Large scale simulations of photonic quantum computers
Current quantum computers are in the “NISQ”, or Noisy-Intermediate-Scale-Quantum regime. The true potential of quantum computing will only be realized when noise levels are reduced or controlled, and large scale is achieved. Xanadu’s approach is to use photonic technology as the building blocks of their machines. This project addresses the question: How do we build a useful quantum computer based on imperfect photonics components? There are 2 specific aspects of this general question: A – In which conditions does a photonic quantum computer reach quantum advantage (demonstrating large speedups compared to today’s most powerful conventional computers)? B – What are the resources required to build a scalable fault-tolerant photonic quantum computer? This project will provide the team with a much more detailed understanding of the requirements and tradeoffs involved in the future, much larger-scale generations of quantum photonic hardware that must be built in order to fully realize the theoretical potential of quantum computing.By mapping out a pathway to demonstrating quantum advantage, and large-scale, fault-tolerant quantum computing, this project will guide Xanadu’s ongoing efforts to build more powerful quantum computers which can deliver commercial benefits to customers and ensure economic impact.

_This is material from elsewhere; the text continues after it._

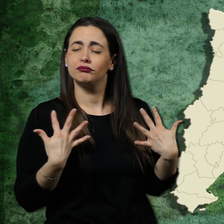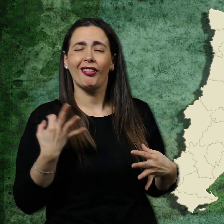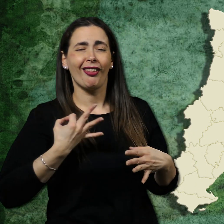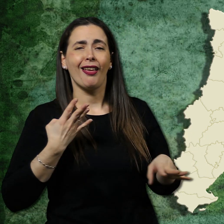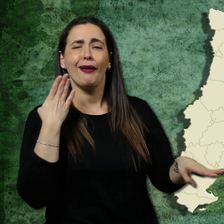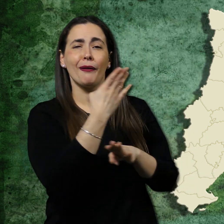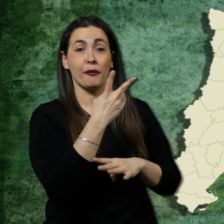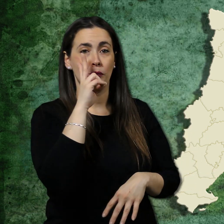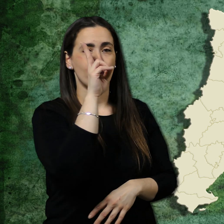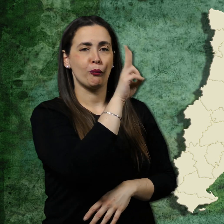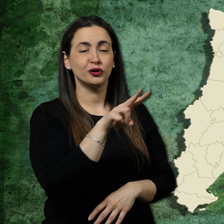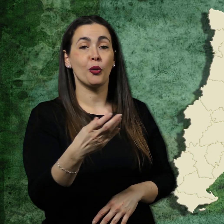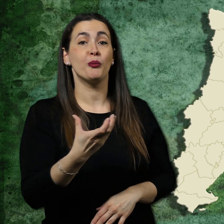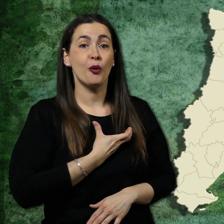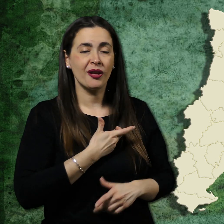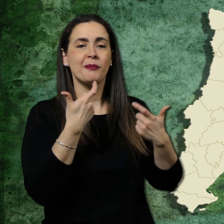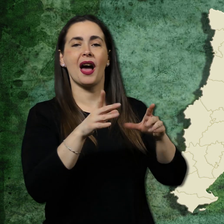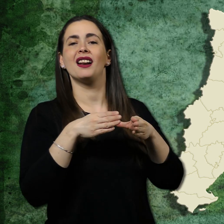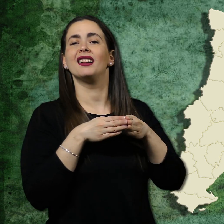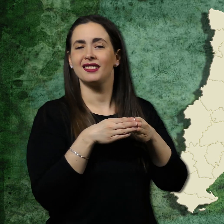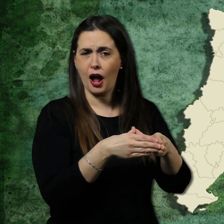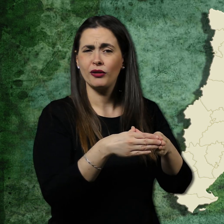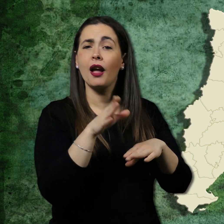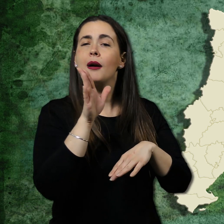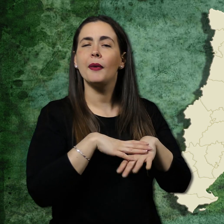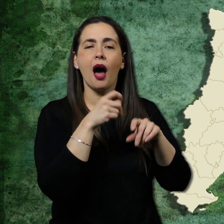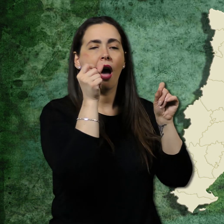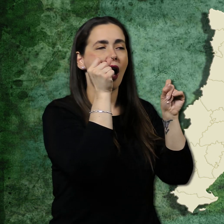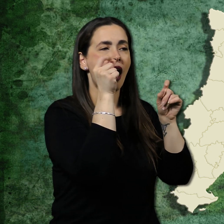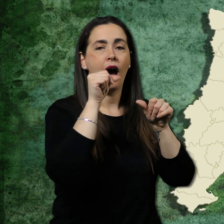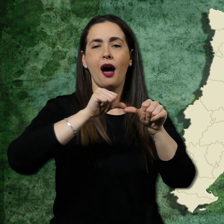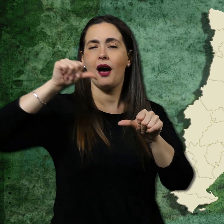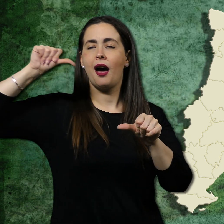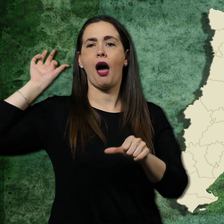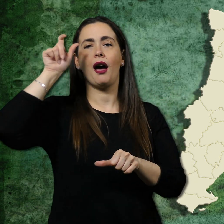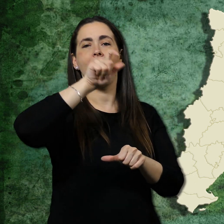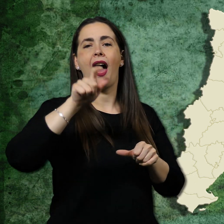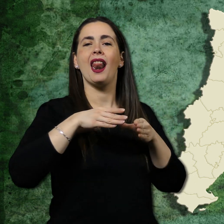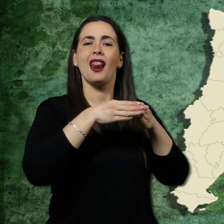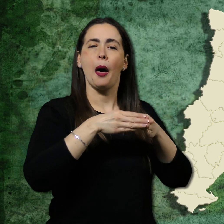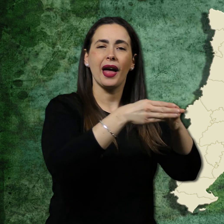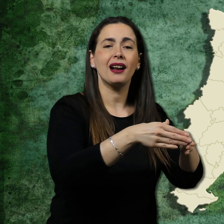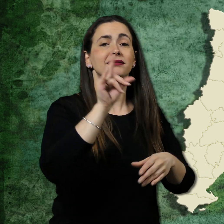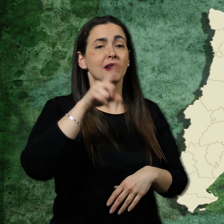És imprescindible una visita al Museu Municipal de Nàutica per descobrir l'herència dels navegants i mariners,

Smart Handling of Big Radio Signal Data
This project will take advantage of some of the world’s largest data sets produced by radio astronomy, established University of Toronto and Ontario astronomy expertise, and technology from IBM to strengthen IBM Canada’s position in the upcoming generation of big projects including signal processing for ALMA (Atacama Large Millimeter/submillimeter Array) and SKA (Square Kilometer Array).